22. A negative pressure amplifier apparatus according to clause 21 , in which the second amplifier inlet is positioned downstream of the second primary inlet, such that in use, the second fluid flow is introduced to the second reduced-pressure zone downstream of the second primary inlet.

23. A negative pressure amplifier apparatus according to clause 21 or 22, in which the second amplifier inlet is configured so that the second fluid flow is a non-swirling fluid flow with a swirl number of less than 0.2, or less than 0.1 , at the second amplifier inlet.

24. A negative pressure amplifier apparatus according to clause 21 , 22 or 23, in which the second primary fluid flow has a swirl number S which falls between the swirl number of the second fluid flow and the swirl number of the first primary flow.

25. A negative pressure amplifier apparatus according to clause 24, in which the first primary flow is a cyclonic flow with a swirl number greater than 0.5 at the first outlet, the second fluid flow is a non-swirling fluid flow with a swirl number of less than 0.2, or 0.1 at the second amplifier inlet, and the second primary flow is a sheath flow which has a swirl number at the second outlet which is greater than that of the second fluid flow, but less than that of the first primary flow. 26. An inhaler apparatus, comprising a negative pressure amplification apparatus according to any preceding clause, in which the inhaler comprises or is couplable to a source of medicament such that in response to fluid being drawn from the apparatus outlet by an outlet negative pressure, the medicament is entrained in a fluid flow upstream of the or each amplifier chamber and delivered into the most-upstream amplifier chamber through the amplifier inlet.

27. An inhaler apparatus according to clause 26, in which the medicament is a dry powdered medicament, and the inhaler is a dry powder inhaler.

28. An inhaler apparatus according to clause 26 or 27, in which the inhaler comprises a deagglomeration chamber containing the source of medicament, or positioned between the source of medicament and the amplifier inlet of the most-upstream amplifier inlet, preferably in which the deagglomeration engine is a blister.

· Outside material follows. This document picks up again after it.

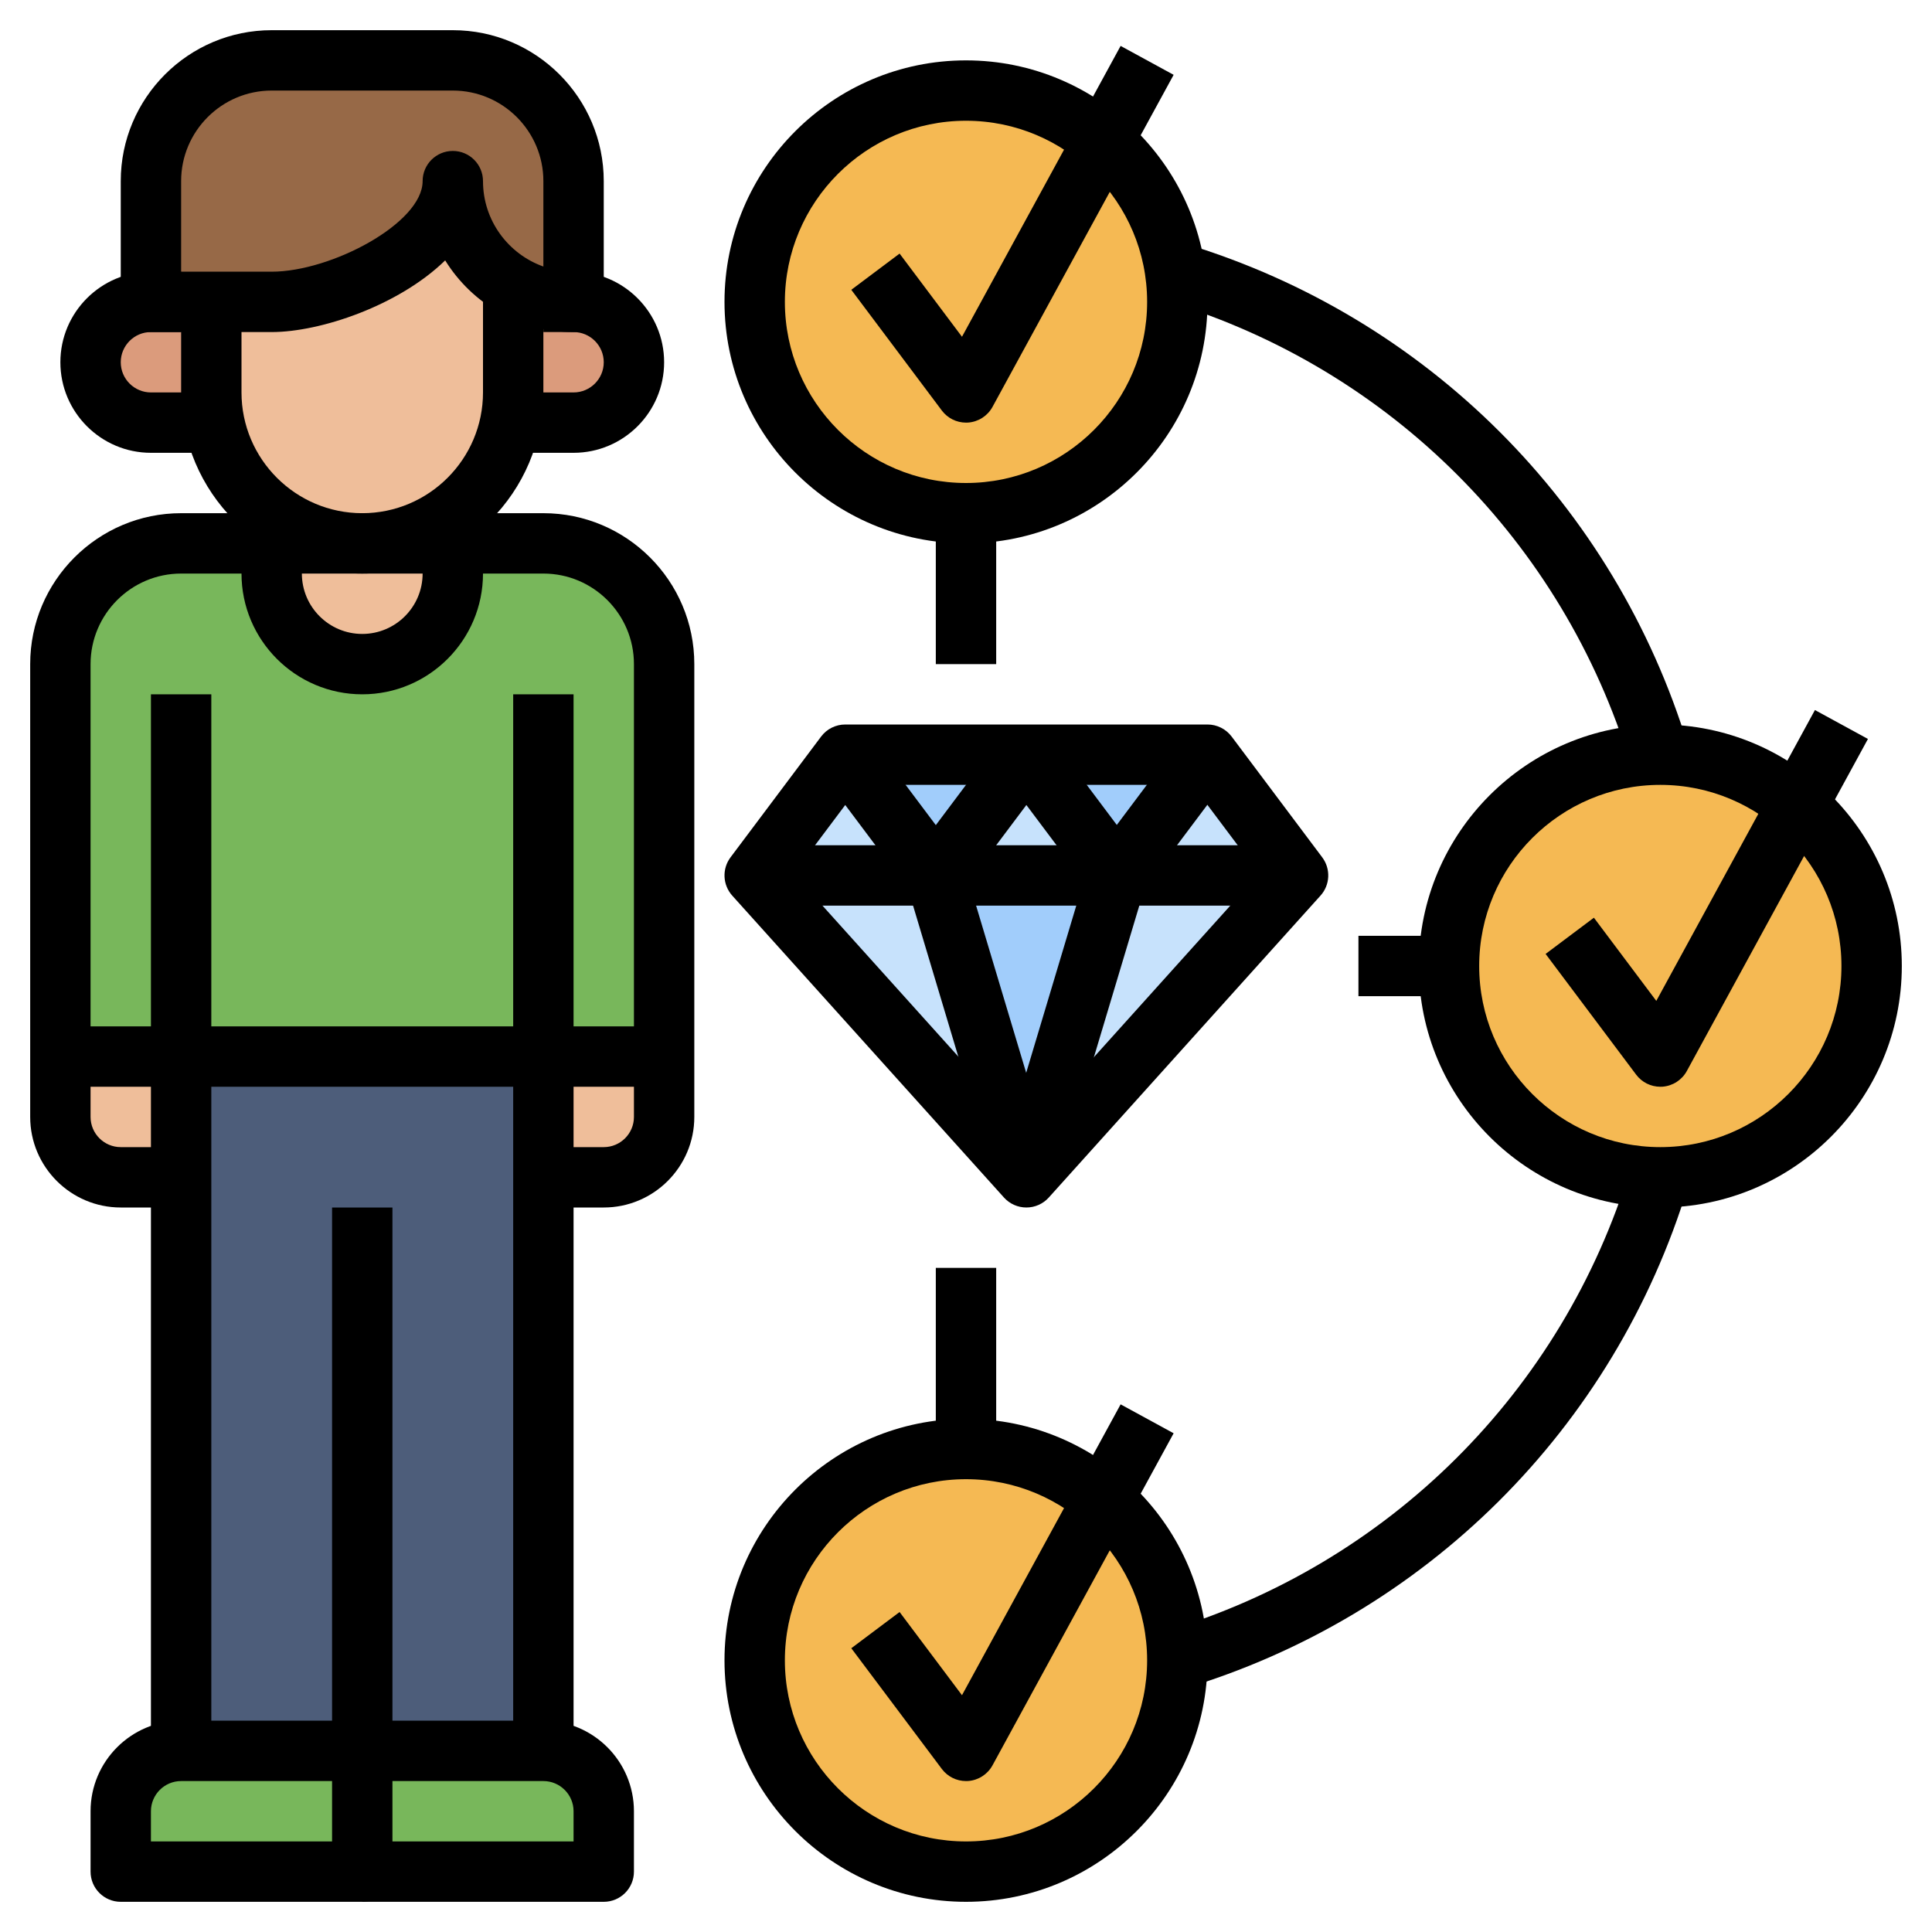 <svg xmlns="http://www.w3.org/2000/svg" id="Layer_3" height="512" viewBox="0 0 64 64" width="512"><g><g><circle cx="55" cy="32" fill="#f5b953" r="7"></circle></g><g><circle cx="32" cy="10" fill="#f5b953" r="7"></circle></g><g><circle cx="32" cy="55" fill="#f5b953" r="7"></circle></g><g><path d="m40 25 3 4-9 10-9-10 3-4z" fill="#c7e2fc"></path></g><g><path d="m37 29-3 10-3-10" fill="#a1cdfb"></path></g><g><path d="m28 25 3 4 3-4 3 4 3-4" fill="#a1cdfb"></path></g><g><path d="m18 39h2c1.105 0 2-.895 2-2v-15c0-2.209-1.791-4-4-4h-12c-2.209 0-4 1.791-4 4v15c0 1.105.895 2 2 2h2" fill="#78b75b"></path></g><g><path d="m9 18v1c0 1.657 1.343 3 3 3 1.657 0 3-1.343 3-3v-1" fill="#efbe9a"></path></g><g><path d="m6 39h-2c-1.105 0-2-.895-2-2v-2h4z" fill="#efbe9a"></path></g><g><path d="m20 39h-2v-4h4v2c0 1.105-.895 2-2 2z" fill="#efbe9a"></path></g><g><path d="m6 35h12v23h-12z" fill="#4d5d7a"></path></g><g><path d="m12 58h-6c-1.105 0-2 .895-2 2v2h8z" fill="#78b75b"></path></g><g><path d="m12 58h6c1.105 0 2 .895 2 2v2h-8z" fill="#78b75b"></path></g><g><path d="m8 10h-3c-1.105 0-2 .895-2 2 0 1.105.895 2 2 2h3" fill="#db9b7c"></path></g><g><path d="m16 10h3c1.105 0 2 .895 2 2 0 1.105-.895 2-2 2h-3" fill="#db9b7c"></path></g><g><path d="m17 6v7c0 2.761-2.239 5-5 5-2.761 0-5-2.239-5-5v-7" fill="#efbe9a"></path></g><g><path d="m15 6c0 2.209-3.791 4-6 4h-4v-4c0-2.209 1.791-4 4-4h6c2.209 0 4 1.791 4 4v4c-2.209 0-4-1.791-4-4z" fill="#976947"></path></g><g><path d="m5 23h2v35h-2z"></path></g><g><path d="m12 63h-8c-.553 0-1-.448-1-1v-2c0-1.654 1.346-3 3-3h5v-17h2v22c0 .552-.447 1-1 1zm-7-2h6v-2h-5c-.552 0-1 .449-1 1z"></path></g><g><path d="m17 23h2v35h-2z"></path></g><g><path d="m20 63h-8v-2h7v-1c0-.551-.448-1-1-1h-6v-2h6c1.654 0 3 1.346 3 3v2c0 .552-.447 1-1 1z"></path></g><g><path d="m2 34h20v2h-20z"></path></g><g><path d="m19 11c-1.794 0-3.371-.95-4.253-2.374-1.537 1.498-4.135 2.374-5.747 2.374h-4c-.553 0-1-.448-1-1v-4c0-2.757 2.243-5 5-5h6c2.757 0 5 2.243 5 5v4c0 .552-.447 1-1 1zm-13-2h3c1.975 0 5-1.609 5-3 0-.552.447-1 1-1s1 .448 1 1c0 1.304.836 2.416 2 2.829v-2.829c0-1.654-1.346-3-3-3h-6c-1.654 0-3 1.346-3 3z"></path></g><g><path d="m12 19c-3.309 0-6-2.691-6-6v-3h2v3c0 2.206 1.794 4 4 4s4-1.794 4-4v-4h2v4c0 3.309-2.691 6-6 6z"></path></g><g><path d="m7 15h-2c-1.654 0-3-1.346-3-3s1.346-3 3-3h1v2h-1c-.552 0-1 .449-1 1s.448 1 1 1h2z"></path></g><g><path d="m19 15h-2v-2h2c.552 0 1-.449 1-1s-.448-1-1-1h-1v-2h1c1.654 0 3 1.346 3 3s-1.346 3-3 3z"></path></g><g><path d="m12 23c-2.206 0-4-1.794-4-4v-1h2v1c0 1.103.897 2 2 2s2-.897 2-2v-1h2v1c0 2.206-1.794 4-4 4z"></path></g><g><path d="m20 40h-2v-2h2c.552 0 1-.449 1-1v-15c0-1.654-1.346-3-3-3h-12c-1.654 0-3 1.346-3 3v15c0 .551.448 1 1 1h2v2h-2c-1.654 0-3-1.346-3-3v-15c0-2.757 2.243-5 5-5h12c2.757 0 5 2.243 5 5v15c0 1.654-1.346 3-3 3z"></path></g><g><path d="m34 40c-.283 0-.554-.12-.743-.331l-9-10c-.319-.355-.344-.887-.057-1.269l3-4c.188-.252.485-.4.8-.4h12c.314 0 .611.148.8.4l3 4c.287.382.263.914-.057 1.269l-9 10c-.189.211-.46.331-.743.331zm-7.707-11.058 7.707 8.563 7.707-8.563-2.207-2.942h-11z"></path></g><g><path d="m25 28h18v2h-18z"></path></g><g><path d="m31.5 28.78h2v10.44h-2z" transform="matrix(.958 -.287 .287 .958 -8.399 10.773)"></path></g><g><path d="m30.28 33h10.44v2h-10.44z" transform="matrix(.287 -.958 .958 .287 -7.26 58.245)"></path></g><g><path d="m28.5 24.5h2v5h-2z" transform="matrix(.8 -.6 .6 .8 -10.3 23.1)"></path></g><g><path d="m36 26h5v2h-5z" transform="matrix(.6 -.8 .8 .6 -6.203 41.591)"></path></g><g><path d="m36.2 29.6-2.2-2.933-2.2 2.933-1.6-1.2 3-4c.377-.504 1.223-.504 1.6 0l3 4z"></path></g><g><path d="m39.163 55.958-.572-1.916c7.402-2.21 13.165-7.942 15.415-15.333l1.914.582c-2.446 8.034-8.71 14.265-16.757 16.667z"></path></g><g><path d="m54.006 25.291c-2.235-7.343-7.954-13.062-15.297-15.297l.582-1.913c7.982 2.43 14.198 8.646 16.629 16.628z"></path></g><g><path d="m55 40c-4.411 0-8-3.589-8-8s3.589-8 8-8 8 3.589 8 8-3.589 8-8 8zm0-14c-3.309 0-6 2.691-6 6s2.691 6 6 6 6-2.691 6-6-2.691-6-6-6z"></path></g><g><path d="m55 36c-.313 0-.61-.147-.8-.4l-3-4 1.6-1.2 2.067 2.756 5.255-9.635 1.756.958-6 11c-.163.298-.467.494-.806.519-.024.001-.049.002-.072.002z"></path></g><g><path d="m32 18c-4.411 0-8-3.589-8-8s3.589-8 8-8 8 3.589 8 8-3.589 8-8 8zm0-14c-3.309 0-6 2.691-6 6s2.691 6 6 6 6-2.691 6-6-2.691-6-6-6z"></path></g><g><path d="m32 14c-.313 0-.61-.147-.8-.4l-3-4 1.6-1.2 2.067 2.756 5.255-9.635 1.756.958-6 11c-.163.298-.467.494-.806.519-.024.001-.049.002-.072.002z"></path></g><g><path d="m32 63c-4.411 0-8-3.589-8-8s3.589-8 8-8 8 3.589 8 8-3.589 8-8 8zm0-14c-3.309 0-6 2.691-6 6s2.691 6 6 6 6-2.691 6-6-2.691-6-6-6z"></path></g><g><path d="m32 59c-.313 0-.61-.147-.8-.4l-3-4 1.6-1.2 2.067 2.756 5.255-9.635 1.756.958-6 11c-.163.298-.467.494-.806.519-.024.001-.049.002-.072.002z"></path></g><g><path d="m31 42h2v6h-2z"></path></g><g><path d="m31 17h2v5h-2z"></path></g><g><path d="m45 31h3v2h-3z"></path></g></g></svg>

29. An inhaler apparatus according to clause 26, 27 or 28, in which the inhaler comprises an inhaler inlet configured to direct a flow of fluid into contact with the source of medicament, and one or more primary inlets configured to direct a flow of fluid into the primary inlets of the or each amplifier chamber.

30. An inhaler apparatus according to any of clauses 26 to 29, in which the inhaler comprises a mouthpiece surrounding the first outlet.